Obama y las lecciones de Iraq (2)

Tras las lecciones de Iraq y una economía en apuros en su propia casa, Barack Obama no quiso asumir la responsabilidad de la operación en Libia e insistió en que sus aliados europeos y árabes se hicieran cargo de ella. Prefirió “liderar entre bastidores” en contraposición al modelo de Bush de actuar de forma unilateral. Sin embargo, en una decisión de última hora, Obama respaldó la intervención militar de la OTAN en Libia porque temía que, de no ser disuadido, Gadafi podía llevar a cabo un baño de sangre contra los rebeldes en Bengasi.

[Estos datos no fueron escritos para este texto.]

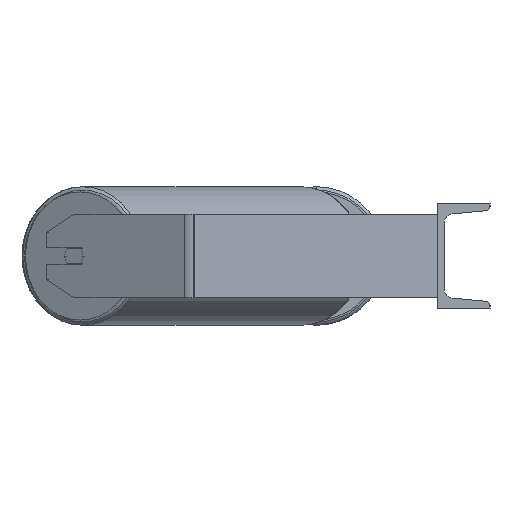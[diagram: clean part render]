
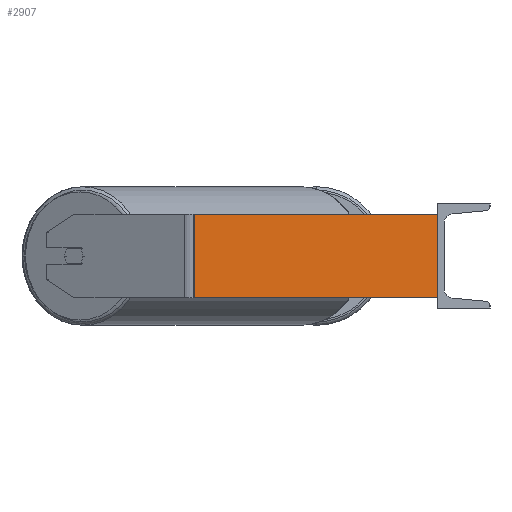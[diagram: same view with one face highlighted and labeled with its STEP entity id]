
A CAD part, left-side view. The second image highlights one B-rep face of the part: STEP entity #2907.
In plain terms, the highlighted planar face has unit normal (-0.996, -0.087, 0).
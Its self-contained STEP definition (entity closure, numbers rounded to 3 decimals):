
#499 = CARTESIAN_POINT ( 'NONE',  ( -705.882, 238.677, 40. ) ) ;
#739 = CARTESIAN_POINT ( 'NONE',  ( -705.442, 233.652, 40. ) ) ;
#938 = LINE ( 'NONE', #8679, #8158 ) ;
#1260 = DIRECTION ( 'NONE',  ( 0.087, -0.996, 0. ) ) ;
#1618 = EDGE_CURVE ( 'NONE', #7399, #6912, #938, .T. ) ;
#1917 = DIRECTION ( 'NONE',  ( -0.087, 0.996, 0. ) ) ;
#2082 = AXIS2_PLACEMENT_3D ( 'NONE', #499, #3307, #1917 ) ;
#2335 = ORIENTED_EDGE ( 'NONE', *, *, #2616, .T. ) ;
#2350 = DIRECTION ( 'NONE',  ( 0.087, -0.996, 0. ) ) ;
#2387 = VECTOR ( 'NONE', #2725, 1000. ) ;
#2616 = EDGE_CURVE ( 'NONE', #3243, #7399, #5484, .T. ) ;
#2725 = DIRECTION ( 'NONE',  ( 0., 0., -1. ) ) ;
#2907 = ADVANCED_FACE ( 'NONE', ( #5323 ), #3391, .F. ) ;
#3026 = ORIENTED_EDGE ( 'NONE', *, *, #5446, .F. ) ;
#3243 = VERTEX_POINT ( 'NONE', #3483 ) ;
#3307 = DIRECTION ( 'NONE',  ( 0.996, 0.087, 0. ) ) ;
#3391 = PLANE ( 'NONE',  #2082 ) ;
#3483 = CARTESIAN_POINT ( 'NONE',  ( -705.442, 233.652, 40. ) ) ;
#3704 = EDGE_CURVE ( 'NONE', #3243, #4730, #7519, .T. ) ;
#4730 = VERTEX_POINT ( 'NONE', #5901 ) ;
#4955 = CARTESIAN_POINT ( 'NONE',  ( -685., 0., -40. ) ) ;
#5307 = DIRECTION ( 'NONE',  ( 0., 0., -1. ) ) ;
#5323 = FACE_OUTER_BOUND ( 'NONE', #7014, .T. ) ;
#5355 = VECTOR ( 'NONE', #1260, 1000. ) ;
#5446 = EDGE_CURVE ( 'NONE', #4730, #6912, #5687, .T. ) ;
#5484 = LINE ( 'NONE', #739, #2387 ) ;
#5687 = LINE ( 'NONE', #8828, #7233 ) ;
#5901 = CARTESIAN_POINT ( 'NONE',  ( -685., 0., 40. ) ) ;
#6020 = ORIENTED_EDGE ( 'NONE', *, *, #3704, .F. ) ;
#6912 = VERTEX_POINT ( 'NONE', #4955 ) ;
#7014 = EDGE_LOOP ( 'NONE', ( #7427, #3026, #6020, #2335 ) ) ;
#7130 = CARTESIAN_POINT ( 'NONE',  ( -705.442, 233.652, -40. ) ) ;
#7233 = VECTOR ( 'NONE', #5307, 1000. ) ;
#7399 = VERTEX_POINT ( 'NONE', #7130 ) ;
#7427 = ORIENTED_EDGE ( 'NONE', *, *, #1618, .T. ) ;
#7519 = LINE ( 'NONE', #7576, #5355 ) ;
#7576 = CARTESIAN_POINT ( 'NONE',  ( -705.882, 238.677, 40. ) ) ;
#8158 = VECTOR ( 'NONE', #2350, 1000. ) ;
#8679 = CARTESIAN_POINT ( 'NONE',  ( -705.882, 238.677, -40. ) ) ;
#8828 = CARTESIAN_POINT ( 'NONE',  ( -685., 0., 40. ) ) ;

Obama, inicialmente, adoptó un enfoque perspicaz, no intervencionista sobre el fomento de la democracia en la región. Si bien expresó su preferencia por gobiernos abiertos, porque reflejan la voluntad del pueblo –una crítica implícita a Hosni Mubarak y otros autócratas árabes–, no se refirió al quebrantamiento generalizado de los derechos cívicos en muchos países musulmanes. Sin embargo, según se ha informado, Obama quiso sopesar los riesgos tanto de “seguir apoyando a regímenes cada vez más impopulares y represivos” como de “presionar en el sentido de una reforma”. Según un funcionario de la Casa Blanca, una evaluación solicitada por Obama antes de las revueltas árabes llegó a la conclusión de que la perspectiva convencional en los círculos políticos de Estados Unidos se equivocaba, al tiempo que el movimiento de protesta en Túnez se acentuaba: “Todos los caminos conducían a la reforma política”.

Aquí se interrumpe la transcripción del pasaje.